Deaths and Entrances
People instinctively resort to aphorisms when they’re trying to cheer you up or comfort you. After I told friends that I had lost my job, a lot of people lifted my spirits by quoting a variation on the theme of, ‘When one door closes, another one opens.’ I was amazed at how that saying has embedded itself in so many different minds, and it made me think of an aphorism written by a friend of mine:
“Every death has a door if you can dance.”
Losing your job unexpectedly, like any major life transition, is a kind of death. A part of your life is irrevocably gone, and you yourself are gone from the working lives of your colleagues. The process of coming to terms with unemployment is also like bereavement: shock, disbelief, anger, grief, acceptance.
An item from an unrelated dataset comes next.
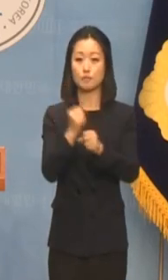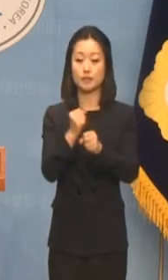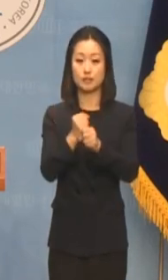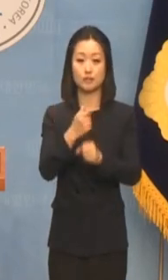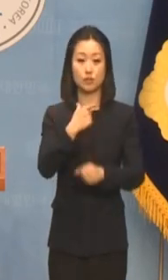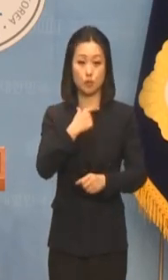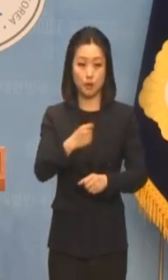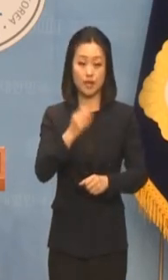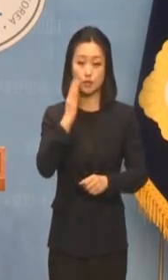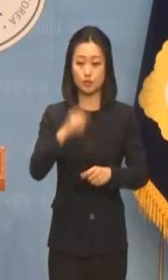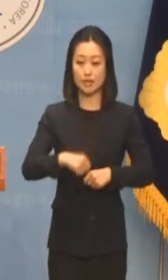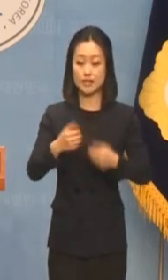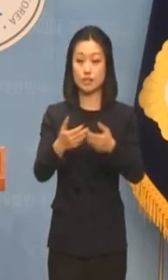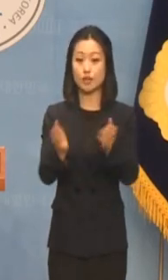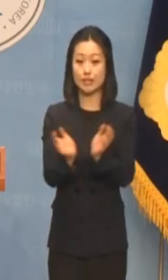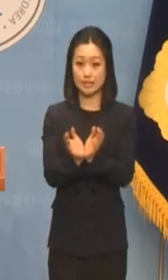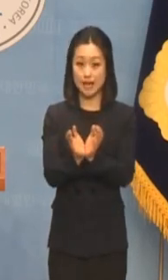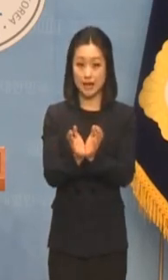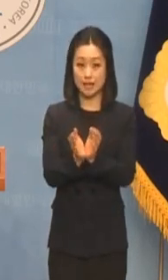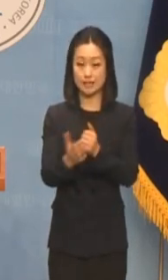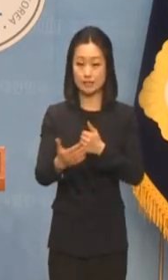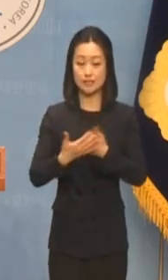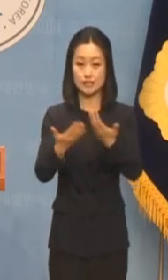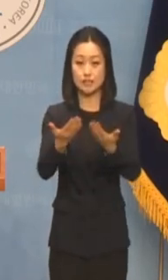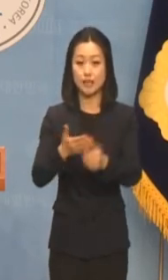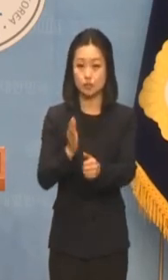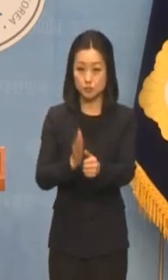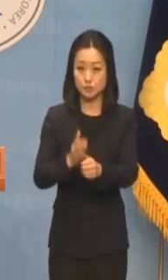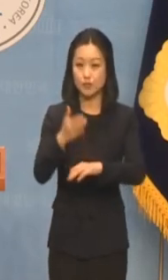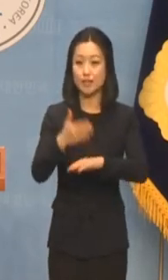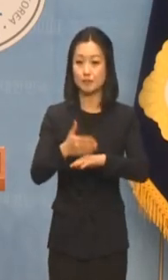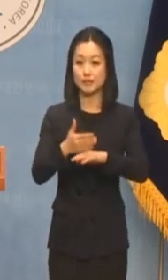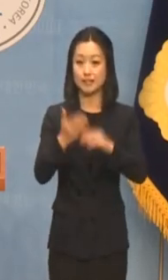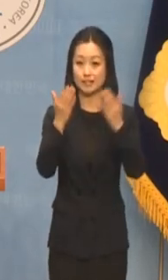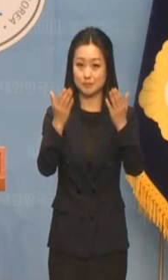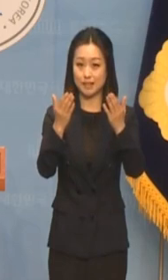녹색정의당을 지켜주십시오 감사합니다
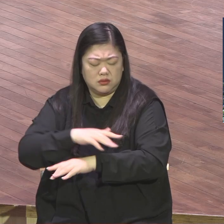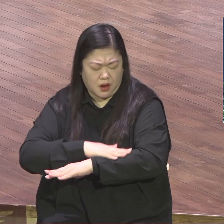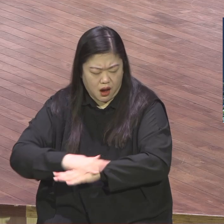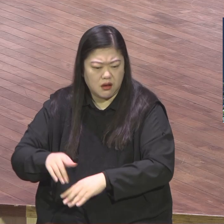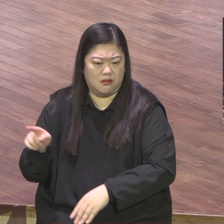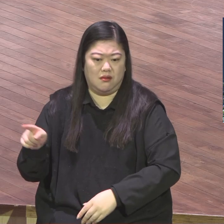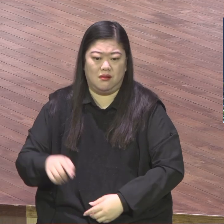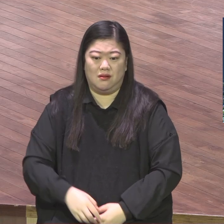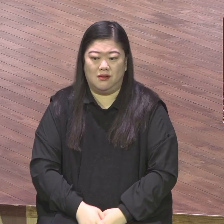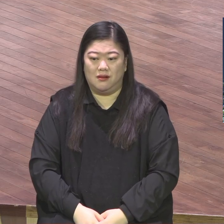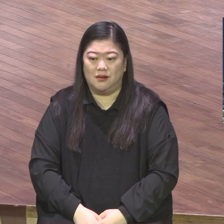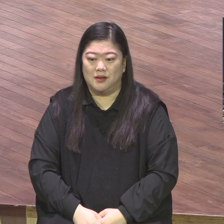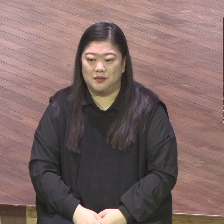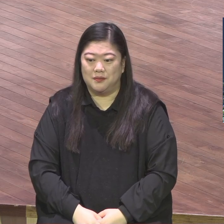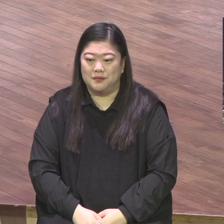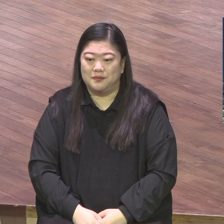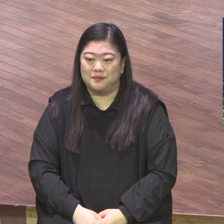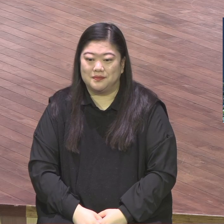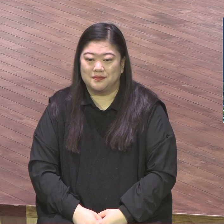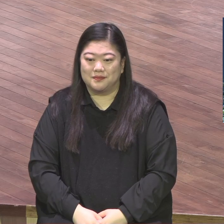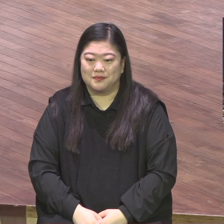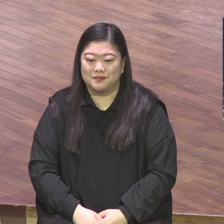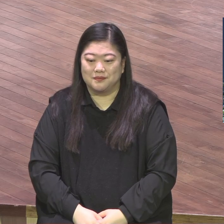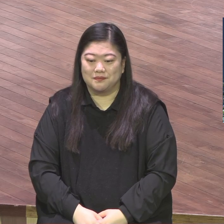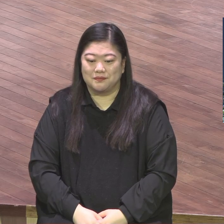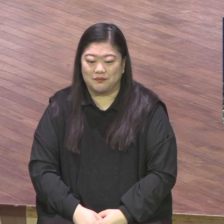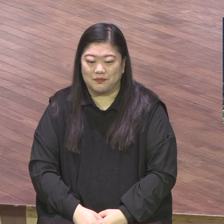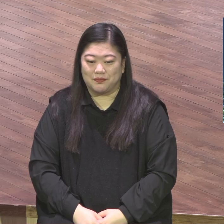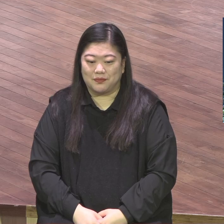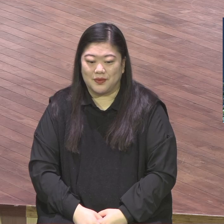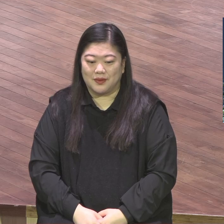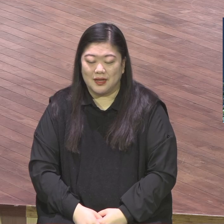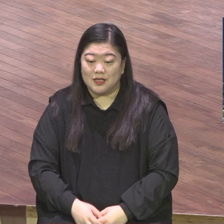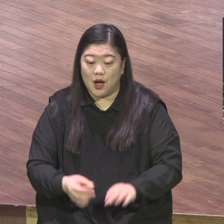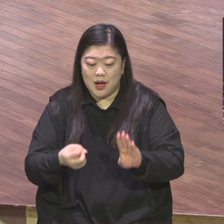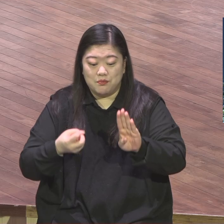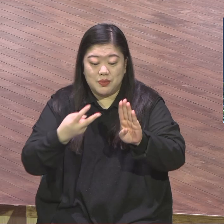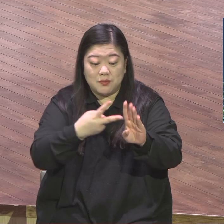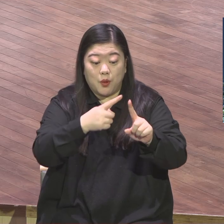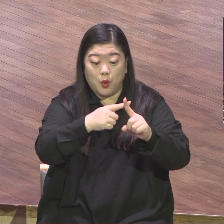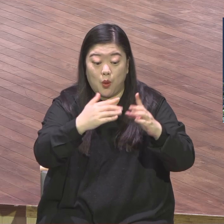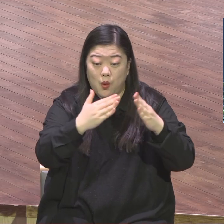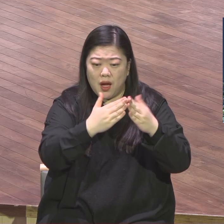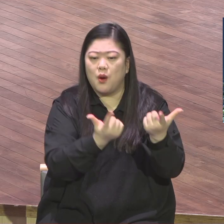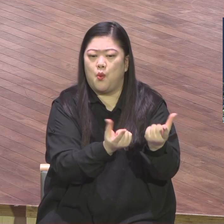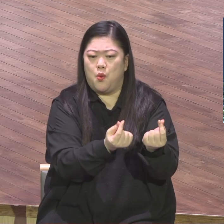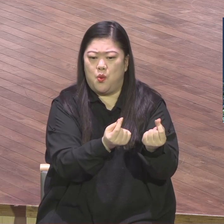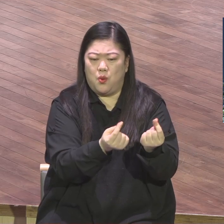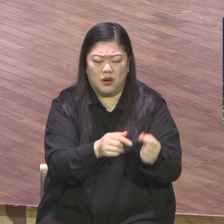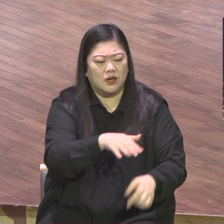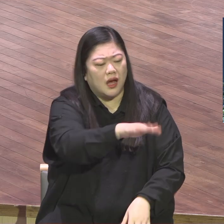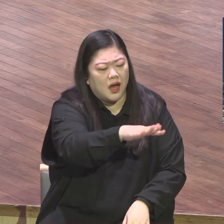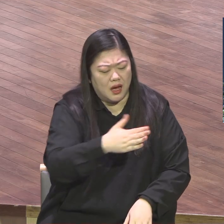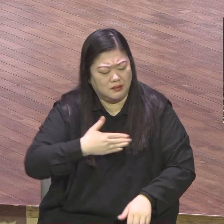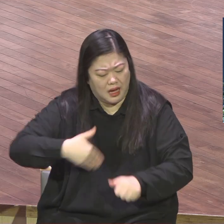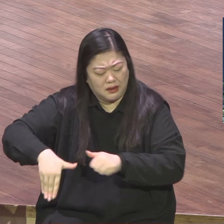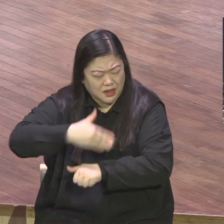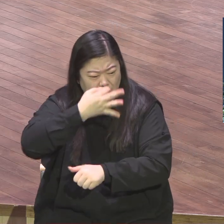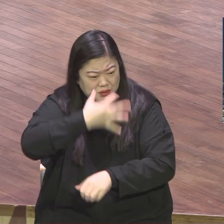그렇기 때문에 이 빌리포 교회 성도들도 어떤 상황 속에서도 이 축복을

The link was enhanced for me when, just a few days after I lost my job, I heard that a mentor of mine—the man who had pointed me in the direction of my first job in journalism, in fact—had died suddenly. He suffered a heart attack while out riding his bike, and that was it. How weird, I thought, that the man who helped me get my first journalistic job should pass away just as I lost the best journalistic job I ever had. I felt shocked, sad, forlorn. I’ll never have the benefit of his advice again.
But I can imagine exactly what he would have said. He would have sat me down in a comfortable corner, rubbed his hands together as if he was about to enjoy a sumptuous meal, and then peppered me with questions about what happened, what I thought about it, and what I intended to do next. He would have had a thousand different ideas and suggestions and a list of names and phone numbers to go with them. He would have said that the occasional professional death is no bad thing. Mourn if you must, but keep dancing—and don’t wait too long before starting on your next incarnation. Sometimes, you need a door slammed in your face before you can hear opportunity knock.